## Instructions for the task:
Reproduce the data below in full and to the letter, images excepted.

## Given records:
--- START ---
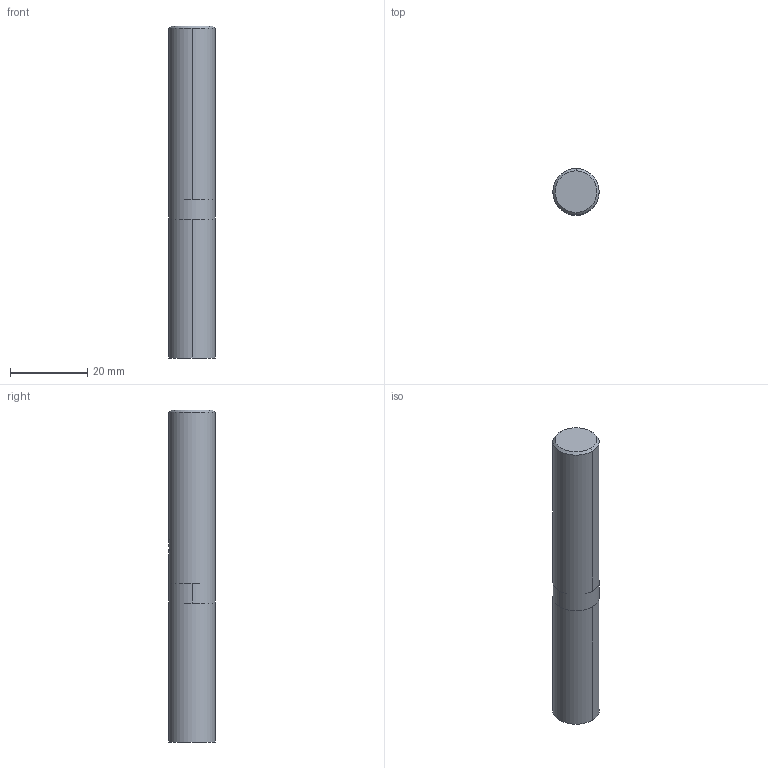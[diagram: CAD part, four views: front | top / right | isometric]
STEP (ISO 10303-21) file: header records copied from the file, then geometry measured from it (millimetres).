
FILE_DESCRIPTION(('no description'),'unknown implementation level');
FILE_NAME('48108014.stp',' ',('CIM GmbH Aachen'),('CADClick - KiM GmbH - www.kimweb.de'),'unknown preprocess','ACIS','unknown authorization');
FILE_SCHEMA(('automotive_design'));
Length unit declared in the file: millimetre
Products named in the file (2): 1; 2
Bounding box: 12 x 12 x 86 mm (x, y, z)
Volume: 9710.9 mm3; surface area: 5225.6 mm2
Topology: 2 solids, 2 shells, 35 faces, 81 edges, 52 vertices
Faces by surface type: cylinder 18, plane 11, cone 6
Entity records: 2260 total; most frequent: CARTESIAN_POINT 453, DIRECTION 179, STYLED_ITEM 170, PRESENTATION_STYLE_ASSIGNMENT 170, COLOUR_RGB 170, ORIENTED_EDGE 162, EDGE_CURVE 81, CURVE_STYLE 81
--- END ---
## Solution to the exercise:
[diagram: CAD part, four views: front | top / right | isometric]
STEP (ISO 10303-21) file: header records copied from the file, then geometry measured from it (millimetres).
FILE_DESCRIPTION(('no description'),'unknown implementation level');
FILE_NAME('48108014.stp',' ',('CIM GmbH Aachen'),('CADClick - KiM GmbH - www.kimweb.de'),'unknown preprocess','ACIS','unknown authorization');
FILE_SCHEMA(('automotive_design'));
Length unit declared in the file: millimetre
Products named in the file (2): 1; 2
Bounding box: 12 x 12 x 86 mm (x, y, z)
Volume: 9710.9 mm3; surface area: 5225.6 mm2
Topology: 2 solids, 2 shells, 35 faces, 81 edges, 52 vertices
Faces by surface type: cylinder 18, plane 11, cone 6
Entity records: 2260 total; most frequent: CARTESIAN_POINT 453, DIRECTION 179, STYLED_ITEM 170, PRESENTATION_STYLE_ASSIGNMENT 170, COLOUR_RGB 170, ORIENTED_EDGE 162, EDGE_CURVE 81, CURVE_STYLE 81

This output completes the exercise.